Анник уже проехала с милю, когда дорога выпрямилась и пошла вниз. Лошадь Анри ускорила свой аллюр.
Вдруг удар. Боль. Падение. Она тут же поняла, что это была ветка дерева, свесившаяся над дорогой. И проклятая лошадь сделала это намеренно.
Анник закричала от страха. Она ударилась головой о землю, и мир взорвался. Потом ничего.
Лошадь, показав свой норовистый характер, позволивший Анри купить ее дешевле, удовлетворенно всхрапнула и ускакала. Анник осталась в канаве у дороги, мелкий дождь падал ей на лицо.
Лучше потерять сознание. Это была ее первая мысль.

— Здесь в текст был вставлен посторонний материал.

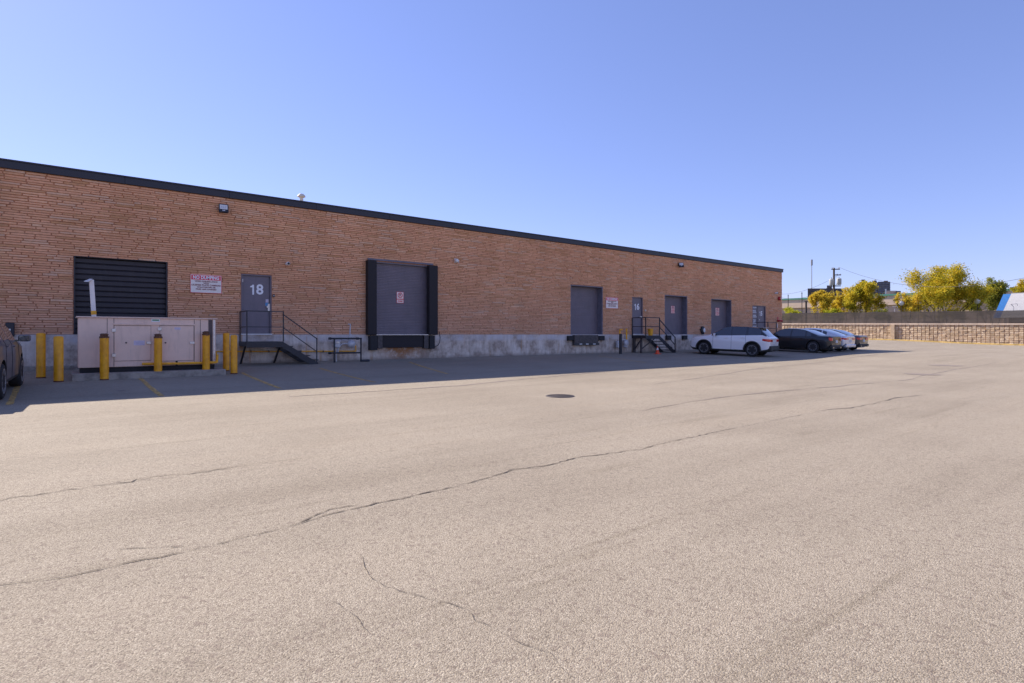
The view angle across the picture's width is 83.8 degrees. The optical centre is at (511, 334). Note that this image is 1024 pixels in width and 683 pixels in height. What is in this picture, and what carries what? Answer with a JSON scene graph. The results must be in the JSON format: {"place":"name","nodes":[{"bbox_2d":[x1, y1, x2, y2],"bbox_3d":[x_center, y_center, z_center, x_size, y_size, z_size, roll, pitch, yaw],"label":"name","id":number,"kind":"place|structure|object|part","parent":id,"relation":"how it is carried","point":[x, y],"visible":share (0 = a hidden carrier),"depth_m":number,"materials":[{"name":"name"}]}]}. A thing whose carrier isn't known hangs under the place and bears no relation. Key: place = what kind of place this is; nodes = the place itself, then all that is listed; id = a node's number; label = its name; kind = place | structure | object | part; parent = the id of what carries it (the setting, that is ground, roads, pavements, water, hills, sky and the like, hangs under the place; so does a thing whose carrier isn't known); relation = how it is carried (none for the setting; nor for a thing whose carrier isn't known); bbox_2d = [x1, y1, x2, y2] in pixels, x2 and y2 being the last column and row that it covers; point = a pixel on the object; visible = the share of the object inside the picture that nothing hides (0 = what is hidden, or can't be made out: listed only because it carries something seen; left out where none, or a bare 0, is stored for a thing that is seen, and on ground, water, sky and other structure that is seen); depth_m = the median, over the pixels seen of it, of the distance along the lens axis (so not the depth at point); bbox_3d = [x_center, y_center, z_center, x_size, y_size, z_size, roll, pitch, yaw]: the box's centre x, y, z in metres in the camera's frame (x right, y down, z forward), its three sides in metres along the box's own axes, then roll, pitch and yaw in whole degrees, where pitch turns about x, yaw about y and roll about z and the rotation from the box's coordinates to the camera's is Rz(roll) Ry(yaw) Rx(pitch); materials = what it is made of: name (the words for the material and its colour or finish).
{"place":"outdoors","nodes":[
{"label":"outdoors","id":0,"kind":"place"},
{"bbox_2d":[0,340,1023,682],"bbox_3d":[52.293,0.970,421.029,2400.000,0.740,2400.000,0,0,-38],"label":"ground","id":1,"kind":"structure","parent":0,"point":[784,516],"depth_m":4.11,"materials":[{"name":"grey asphalt"}]},
{"bbox_2d":[0,321,30,398],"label":"parked suv","id":2,"kind":"object","parent":1,"relation":"on","point":[11,365],"visible":1,"depth_m":12.23,"materials":[{"name":"grey paint"}]},
{"bbox_3d":[-10.597,-0.107,11.800,0.202,0.471,0.750,0,1,-35],"label":"side window","id":3,"kind":"part","parent":2,"relation":"part of","materials":[{"name":"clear glass"}]},
{"bbox_3d":[-11.138,-0.102,12.581,0.201,0.496,0.990,0,1,-35],"label":"side window","id":4,"kind":"part","parent":2,"relation":"part of","materials":[{"name":"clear glass"}]},
{"bbox_2d":[36,333,45,377],"bbox_3d":[-12.485,0.566,15.132,0.203,1.216,0.203,0,0,-38],"label":"yellow bollard","id":5,"kind":"object","parent":1,"relation":"on","point":[40,355],"visible":0.96,"depth_m":15.06,"materials":[{"name":"yellow metal"}]},
{"bbox_2d":[53,336,63,381],"bbox_3d":[-11.480,0.630,14.454,0.207,1.179,0.207,0,0,-38],"label":"yellow bollard","id":6,"kind":"object","parent":1,"relation":"on","point":[58,358],"visible":0.94,"depth_m":14.38,"materials":[{"name":"yellow metal"}]},
{"bbox_2d":[99,333,108,379],"bbox_3d":[-10.752,0.594,15.056,0.228,1.249,0.222,0,0,-38],"label":"yellow bollard","id":7,"kind":"object","parent":1,"relation":"on","point":[104,356],"visible":0.98,"depth_m":14.97,"materials":[{"name":"yellow metal"}]},
{"bbox_2d":[71,367,225,380],"bbox_3d":[-10.497,1.333,16.547,3.599,0.615,2.110,0,0,-38],"label":"concrete pad","id":8,"kind":"object","parent":1,"relation":"on","point":[76,375],"visible":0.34,"depth_m":15.72,"materials":[{"name":"grey concrete"}]},
{"bbox_2d":[84,279,96,315],"bbox_3d":[-12.052,-0.308,16.370,0.221,2.581,0.416,0,0,20],"label":"vent post","id":9,"kind":"object","parent":8,"relation":"on","point":[92,296],"visible":0.57,"depth_m":16.37,"materials":[{"name":"white metal"}]},
{"bbox_2d":[75,316,217,372],"bbox_3d":[-10.477,0.272,16.471,3.357,1.506,1.235,0,0,-38],"label":"generator","id":10,"kind":"object","parent":8,"relation":"on","point":[131,344],"visible":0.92,"depth_m":15.87,"materials":[{"name":"metal"}]},
{"bbox_2d":[112,326,151,360],"bbox_3d":[-10.464,0.241,15.725,0.916,0.961,0.041,0,0,-38],"label":"cabinet door","id":11,"kind":"structure","parent":10,"relation":"in","point":[131,343],"depth_m":15.74,"materials":[{"name":"metal"}]},
{"bbox_2d":[158,326,194,360],"bbox_3d":[-9.625,0.251,16.378,0.915,1.001,0.041,0,0,-38],"label":"cabinet door","id":12,"kind":"structure","parent":10,"relation":"in","point":[178,342],"depth_m":16.40,"materials":[{"name":"metal"}]},
{"bbox_2d":[142,354,218,364],"bbox_3d":[-9.474,0.733,16.375,1.917,0.291,0.072,0,0,-38],"label":"gas feed pipe","id":13,"kind":"object","parent":10,"relation":"attached to","point":[183,363],"visible":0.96,"depth_m":16.34,"materials":[{"name":"yellow metal"}]},
{"bbox_2d":[154,334,162,370],"bbox_3d":[-9.853,0.595,15.902,0.216,1.237,0.211,0,0,-38],"label":"yellow bollard","id":14,"kind":"object","parent":8,"relation":"on","point":[158,352],"visible":0.85,"depth_m":15.82,"materials":[{"name":"yellow metal"}]},
{"bbox_2d":[202,331,209,369],"bbox_3d":[-8.957,0.555,16.720,0.218,1.310,0.210,0,0,-38],"label":"yellow bollard","id":15,"kind":"object","parent":8,"relation":"on","point":[205,350],"visible":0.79,"depth_m":16.65,"materials":[{"name":"yellow metal"}]},
{"bbox_2d":[223,333,229,370],"bbox_3d":[-9.000,0.559,17.980,0.194,1.219,0.194,0,0,-38],"label":"yellow bollard","id":16,"kind":"object","parent":1,"relation":"on","point":[226,351],"visible":0.86,"depth_m":17.90,"materials":[{"name":"yellow metal"}]},
{"bbox_2d":[230,335,236,373],"bbox_3d":[-8.394,0.609,17.233,0.196,1.198,0.196,0,0,-38],"label":"yellow bollard","id":17,"kind":"object","parent":1,"relation":"on","point":[233,354],"visible":0.94,"depth_m":17.16,"materials":[{"name":"yellow metal"}]},
{"bbox_2d":[239,310,318,363],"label":"access stairs","id":18,"kind":"structure","parent":1,"relation":"on","point":[292,352],"depth_m":20.28,"materials":[{"name":"black metal"}]},
{"bbox_2d":[328,337,369,362],"bbox_3d":[-6.317,0.595,22.181,1.638,0.978,0.100,0,0,-38],"label":"pipe guard","id":19,"kind":"object","parent":1,"relation":"on","point":[360,352],"visible":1,"depth_m":22.20,"materials":[{"name":"black metal"}]},
{"bbox_2d":[0,158,783,370],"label":"warehouse","id":20,"kind":"structure","parent":1,"relation":"on","point":[130,246],"depth_m":22.36,"materials":[{"name":"brick"}]},
{"bbox_2d":[5,322,14,335],"bbox_3d":[-14.495,-0.144,16.485,0.196,0.400,0.145,0,0,-38],"label":"wall cabinet","id":21,"kind":"object","parent":20,"relation":"attached to","point":[10,326],"depth_m":16.46,"materials":[{"name":"metal"}]},
{"bbox_2d":[6,323,12,335],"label":"cabinet door","id":22,"kind":"structure","parent":21,"relation":"in","point":[9,325],"depth_m":16.44,"materials":[{"name":"grey metal"}]},
{"bbox_2d":[190,274,221,293],"bbox_3d":[-10.525,-1.738,19.647,0.966,0.630,0.030,0,0,-38],"label":"no dumping sign","id":23,"kind":"object","parent":20,"relation":"attached to","point":[199,283],"visible":1,"depth_m":19.63,"materials":[{"name":"white metal"}]},
{"bbox_2d":[219,204,228,212],"bbox_3d":[-10.047,-4.372,19.868,0.312,0.308,0.264,0,0,-38],"label":"floodlight","id":24,"kind":"object","parent":20,"relation":"attached to","point":[223,208],"visible":1,"depth_m":19.79,"materials":[{"name":"black metal"}]},
{"bbox_2d":[243,275,269,333],"bbox_3d":[-9.295,-1.076,20.742,0.942,2.092,0.110,0,0,-38],"label":"steel door","id":25,"kind":"structure","parent":20,"relation":"in","point":[256,289],"depth_m":20.75,"materials":[{"name":"grey metal"}]},
{"bbox_2d":[216,350,341,353],"bbox_3d":[-8.279,0.644,21.348,5.076,0.176,0.117,0,0,-38],"label":"gas pipe","id":26,"kind":"object","parent":20,"relation":"attached to","point":[280,351],"visible":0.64,"depth_m":20.90,"materials":[{"name":"yellow metal"}]},
{"bbox_2d":[297,194,304,200],"bbox_3d":[-8.789,-5.357,23.830,0.330,1.014,0.330,0,0,-38],"label":"roof vent","id":27,"kind":"object","parent":20,"relation":"on","point":[301,196],"visible":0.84,"depth_m":23.76,"materials":[{"name":"beige plastic"}]},
{"bbox_2d":[333,324,355,360],"bbox_3d":[-6.571,0.435,22.503,0.905,1.726,0.220,0,0,-38],"label":"gas meter","id":28,"kind":"object","parent":20,"relation":"attached to","point":[351,343],"visible":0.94,"depth_m":22.52,"materials":[{"name":"metal"}]},
{"bbox_2d":[397,292,403,302],"bbox_3d":[-4.761,-1.575,24.317,0.330,0.477,0.030,0,0,-38],"label":"loading zone sign","id":29,"kind":"object","parent":20,"relation":"attached to","point":[400,297],"visible":1,"depth_m":24.33,"materials":[{"name":"white metal"}]},
{"bbox_2d":[377,263,426,333],"bbox_3d":[-4.709,-1.505,24.417,2.664,3.009,0.049,0,0,-38],"label":"dock door","id":30,"kind":"structure","parent":20,"relation":"in","point":[410,316],"depth_m":24.39,"materials":[{"name":"grey metal"}]},
{"bbox_2d":[571,286,596,333],"bbox_3d":[3.855,-1.316,31.392,2.360,2.672,0.049,0,0,-38],"label":"dock door","id":31,"kind":"structure","parent":20,"relation":"in","point":[583,299],"depth_m":31.44,"materials":[{"name":"grey metal"}]},
{"bbox_2d":[606,297,617,308],"bbox_3d":[5.650,-1.783,32.248,1.008,0.627,0.030,0,0,-38],"label":"no dumping sign","id":32,"kind":"object","parent":20,"relation":"attached to","point":[611,302],"visible":1,"depth_m":32.25,"materials":[{"name":"white metal"}]},
{"bbox_2d":[616,329,628,347],"bbox_3d":[6.306,0.219,32.573,0.970,1.100,0.200,0,0,-38],"label":"gas meter","id":33,"kind":"object","parent":20,"relation":"attached to","point":[626,342],"visible":0.77,"depth_m":32.62,"materials":[{"name":"grey metal"}]},
{"bbox_2d":[633,298,641,333],"bbox_3d":[7.371,-1.095,33.707,0.859,2.130,0.140,0,0,-38],"label":"steel door","id":34,"kind":"structure","parent":20,"relation":"in","point":[636,301],"depth_m":33.76,"materials":[{"name":"grey metal"}]},
{"bbox_2d":[665,296,681,333],"bbox_3d":[10.109,-1.215,36.265,2.205,2.470,0.049,0,0,-38],"label":"dock door","id":35,"kind":"structure","parent":20,"relation":"in","point":[673,321],"depth_m":36.38,"materials":[{"name":"grey metal"}]},
{"bbox_2d":[715,308,718,315],"bbox_3d":[14.162,-1.567,39.364,0.435,0.530,0.030,0,0,-38],"label":"loading zone sign","id":36,"kind":"object","parent":20,"relation":"attached to","point":[716,311],"visible":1,"depth_m":39.33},
{"bbox_2d":[712,300,725,332],"bbox_3d":[14.101,-1.193,39.375,2.348,2.425,0.049,0,0,-38],"label":"dock door","id":37,"kind":"structure","parent":20,"relation":"in","point":[718,322],"depth_m":39.56,"materials":[{"name":"grey metal"}]},
{"bbox_2d":[753,306,763,327],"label":"steel door","id":38,"kind":"structure","parent":20,"relation":"in","point":[758,312],"depth_m":42.18,"materials":[{"name":"grey metal"}]},
{"bbox_2d":[619,334,621,353],"bbox_3d":[6.016,0.516,31.624,0.170,1.122,0.170,0,0,-38],"label":"black bollard","id":39,"kind":"object","parent":1,"relation":"on","point":[620,343],"visible":1,"depth_m":31.55,"materials":[{"name":"metal"}]},
{"bbox_2d":[632,317,675,352],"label":"access stairs","id":40,"kind":"structure","parent":1,"relation":"on","point":[661,339],"depth_m":33.20,"materials":[{"name":"black metal"}]},
{"bbox_2d":[648,329,652,334],"bbox_3d":[8.059,-0.140,33.215,0.352,0.390,0.331,0,0,-38],"label":"bucket","id":41,"kind":"object","parent":40,"relation":"on","point":[650,331],"visible":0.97,"depth_m":33.09,"materials":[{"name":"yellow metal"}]},
{"bbox_2d":[689,326,778,355],"bbox_3d":[12.875,0.345,33.246,4.655,1.679,2.282,2,1,39],"label":"parked suv","id":42,"kind":"object","parent":1,"relation":"on","point":[751,341],"visible":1,"depth_m":32.27,"materials":[{"name":"white paint"}]},
{"bbox_3d":[12.126,-0.172,32.872,0.990,0.496,0.201,2,1,39],"label":"side window","id":43,"kind":"part","parent":42,"relation":"part of","materials":[{"name":"black glass"}]},
{"bbox_3d":[12.862,-0.171,32.271,0.750,0.471,0.202,2,1,39],"label":"side window","id":44,"kind":"part","parent":42,"relation":"part of","materials":[{"name":"black glass"}]},
{"bbox_3d":[13.506,-0.154,31.739,0.680,0.423,0.193,2,1,39],"label":"side window","id":45,"kind":"part","parent":42,"relation":"part of","materials":[{"name":"black glass"}]},
{"bbox_3d":[14.361,-0.097,32.027,0.480,0.450,1.410,2,1,39],"label":"rear window","id":46,"kind":"part","parent":42,"relation":"part of","materials":[{"name":"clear glass"}]},
{"bbox_2d":[755,322,776,331],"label":"landing railing","id":47,"kind":"object","parent":1,"relation":"on","point":[768,325],"visible":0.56,"depth_m":41.26,"materials":[{"name":"black metal"}]},
{"bbox_2d":[783,306,801,324],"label":"bush","id":48,"kind":"object","parent":1,"relation":"on","point":[788,310],"visible":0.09,"depth_m":82.29,"materials":[{"name":"green plant"}]},
{"bbox_2d":[773,328,841,352],"bbox_3d":[18.209,0.339,36.737,2.301,1.470,5.075,0,2,-40],"label":"parked sedan","id":49,"kind":"object","parent":1,"relation":"on","point":[813,341],"visible":0.68,"depth_m":35.44,"materials":[{"name":"black paint"}]},
{"bbox_3d":[17.337,-0.116,36.573,0.207,0.458,1.040,0,2,-40],"label":"side window","id":50,"kind":"part","parent":49,"relation":"part of","materials":[{"name":"black glass"}]},
{"bbox_3d":[17.990,-0.101,35.796,0.201,0.421,0.830,0,2,-40],"label":"side window","id":51,"kind":"part","parent":49,"relation":"part of","materials":[{"name":"black glass"}]},
{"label":"rear window","id":52,"kind":"part","parent":49,"relation":"part of","materials":[{"name":"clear glass"}]},
{"bbox_2d":[811,260,812,287],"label":"radio mast","id":53,"kind":"object","parent":1,"relation":"on","point":[811,272],"visible":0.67,"depth_m":299.92,"materials":[{"name":"grey metal"}]},
{"bbox_2d":[780,328,855,351],"bbox_3d":[20.325,0.313,38.828,2.301,1.499,5.075,0,2,-40],"label":"parked sedan","id":54,"kind":"object","parent":1,"relation":"on","point":[847,341],"visible":0.2,"depth_m":37.11,"materials":[{"name":"silver paint"}]},
{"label":"rear window","id":55,"kind":"part","parent":54,"relation":"part of","materials":[{"name":"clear glass"}]},
{"bbox_2d":[806,290,836,324],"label":"tree","id":56,"kind":"object","parent":1,"relation":"on","point":[823,299],"visible":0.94,"depth_m":87.61,"materials":[{"name":"yellow plant"}]},
{"bbox_2d":[808,285,843,297],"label":"brown building","id":57,"kind":"structure","parent":1,"relation":"on","point":[813,290],"depth_m":199.82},
{"bbox_2d":[822,308,842,324],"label":"bush","id":58,"kind":"object","parent":1,"relation":"on","point":[833,310],"visible":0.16,"depth_m":82.19,"materials":[{"name":"green plant"}]},
{"bbox_2d":[829,267,841,324],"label":"utility pole","id":59,"kind":"object","parent":1,"relation":"on","point":[832,281],"visible":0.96,"depth_m":94.80,"materials":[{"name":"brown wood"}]},
{"bbox_2d":[844,269,1021,286],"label":"power line","id":60,"kind":"object","parent":59,"relation":"attached to","point":[927,286],"visible":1,"depth_m":79.44,"materials":[{"name":"metal"}]},
{"bbox_2d":[828,287,857,324],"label":"tree","id":61,"kind":"object","parent":1,"relation":"on","point":[837,302],"visible":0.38,"depth_m":89.05,"materials":[{"name":"yellow plant"}]},
{"bbox_2d":[829,329,868,350],"bbox_3d":[22.413,0.318,40.810,2.301,1.470,5.075,0,2,-39],"label":"parked sedan","id":62,"kind":"object","parent":1,"relation":"on","point":[861,341],"visible":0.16,"depth_m":38.94,"materials":[{"name":"grey paint"}]},
{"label":"rear window","id":63,"kind":"part","parent":62,"relation":"part of","materials":[{"name":"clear glass"}]},
{"bbox_2d":[841,280,888,324],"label":"tree","id":64,"kind":"object","parent":1,"relation":"on","point":[863,291],"visible":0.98,"depth_m":86.10,"materials":[{"name":"yellow plant"}]},
{"bbox_2d":[856,280,890,293],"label":"apartment tower","id":65,"kind":"structure","parent":1,"relation":"on","point":[884,287],"depth_m":420.00,"materials":[{"name":"grey concrete"}]},
{"bbox_2d":[872,283,889,292],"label":"windows","id":66,"kind":"structure","parent":65,"relation":"in","point":[880,283],"depth_m":419.89,"materials":[{"name":"black glass"}]},
{"bbox_2d":[873,309,888,311],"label":"bush","id":67,"kind":"object","parent":1,"relation":"on","point":[878,310],"visible":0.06,"depth_m":82.61,"materials":[{"name":"green plant"}]},
{"bbox_2d":[886,291,895,293],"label":"pale building","id":68,"kind":"structure","parent":1,"relation":"on","point":[890,292],"depth_m":300.00,"materials":[{"name":"beige concrete"}]},
{"bbox_2d":[898,300,903,311],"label":"globe lamp","id":69,"kind":"object","parent":1,"relation":"on","point":[901,303],"visible":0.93,"depth_m":81.83,"materials":[{"name":"white glass"}]},
{"bbox_2d":[782,323,1023,343],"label":"retaining wall","id":70,"kind":"structure","parent":1,"relation":"on","point":[1006,333],"depth_m":66.45,"materials":[{"name":"beige stone"}]},
{"bbox_2d":[782,303,1023,322],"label":"screen fence","id":71,"kind":"object","parent":70,"relation":"on","point":[998,316],"visible":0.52,"depth_m":68.71,"materials":[{"name":"grey fabric"}]},
{"bbox_2d":[782,289,1023,324],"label":"tan warehouse","id":72,"kind":"structure","parent":1,"relation":"on","point":[798,304],"depth_m":118.52,"materials":[{"name":"beige concrete"}]},
{"bbox_2d":[893,292,924,311],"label":"tree","id":73,"kind":"object","parent":1,"relation":"on","point":[909,305],"visible":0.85,"depth_m":81.67,"materials":[{"name":"yellow plant"}]},
{"bbox_2d":[868,339,1023,345],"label":"kerb","id":74,"kind":"structure","parent":1,"relation":"on","point":[948,342],"depth_m":64.84,"materials":[{"name":"beige concrete"}]},
{"bbox_2d":[899,261,1002,311],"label":"tree","id":75,"kind":"object","parent":1,"relation":"on","point":[942,288],"visible":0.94,"depth_m":81.75,"materials":[{"name":"yellow plant"}]},
{"bbox_2d":[964,276,1011,310],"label":"tree","id":76,"kind":"object","parent":1,"relation":"on","point":[993,303],"visible":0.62,"depth_m":91.81,"materials":[{"name":"green plant"}]},
{"bbox_2d":[996,293,1023,310],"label":"white trailer","id":77,"kind":"object","parent":1,"relation":"on","point":[1007,301],"visible":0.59,"depth_m":63.61,"materials":[{"name":"paint"}]},
{"bbox_2d":[1007,279,1023,292],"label":"tree","id":78,"kind":"object","parent":1,"relation":"on","point":[1019,288],"visible":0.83,"depth_m":95.27,"materials":[{"name":"yellow plant"}]},
{"bbox_2d":[0,0,1023,298],"label":"sky","id":79,"kind":"structure","parent":0,"point":[874,139],"materials":[{"name":"blue"}]},
{"bbox_2d":[546,394,574,397],"bbox_3d":[1.034,1.323,12.300,0.630,0.014,0.630,0,0,-38],"label":"manhole cover","id":80,"kind":"object","parent":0,"point":[560,395],"visible":1,"depth_m":12.31,"materials":[{"name":"grey metal"}]}
]}

Боль заполнила голову огнем.
Это была вторая мысль. Между первым и вторым мгновениями Анник вдруг поняла. Это случилось.
Свет. Свет проник сквозь закрытые веки. С ужасом и благоговением открыв глаза, она увидела в небе рассвет. Свет везде. Свет по краю облаков.
Значит, это случилось. Доктор в Марселе со своей ненужной латынью был прав. Ужасный кусочек чего-то сдвинулся, освободил зрительный нерв и теперь бродил в голове, чтобы убить ее.
Анник стала готовиться к смерти, предсказанной доктором.
Не было ничего особенного в том, что она в последние минуты жизни смотрит на сосны. Что она растянулась в мокрой холодной грязи. Она пыталась сочинить нечто возвышенное, подходящее для столь важного момента. Но думала о своей глупости. О том, что доверилась лошади Анри. О других мелочах. Лежать ей было неудобно, в желудке – пусто. И сверкающие капельки, соскальзывающие с иголок сосен, падают ей на лицо.
Анник ждала. Протекали минуты. Ничего не происходило, за исключением того, что она еще больше промокла.
Она поняла, что не собирается умирать, по крайней мере, немедленно. Она села. В обычные времена от такой головной боли она бы вообще не могла думать ни о чем другом.
– Как странно…
Анник осознала, что по привычке смотрит на свои руки. Было удивительно опять видеть свои руки. Видеть платье, бледно-зеленое, все в грязи. Видеть… Она больше не слепой червь. Она снова Анник, Лисенок. Незаурядная шпионка.
– Я вижу! Я могу все делать!
Она встала. Ей хотелось танцевать. Летать. В канаве было полно сосновых шишек, на которых так неудобно лежать. Она взяла пять штук, крепких, тяжелых, размером с ладонь.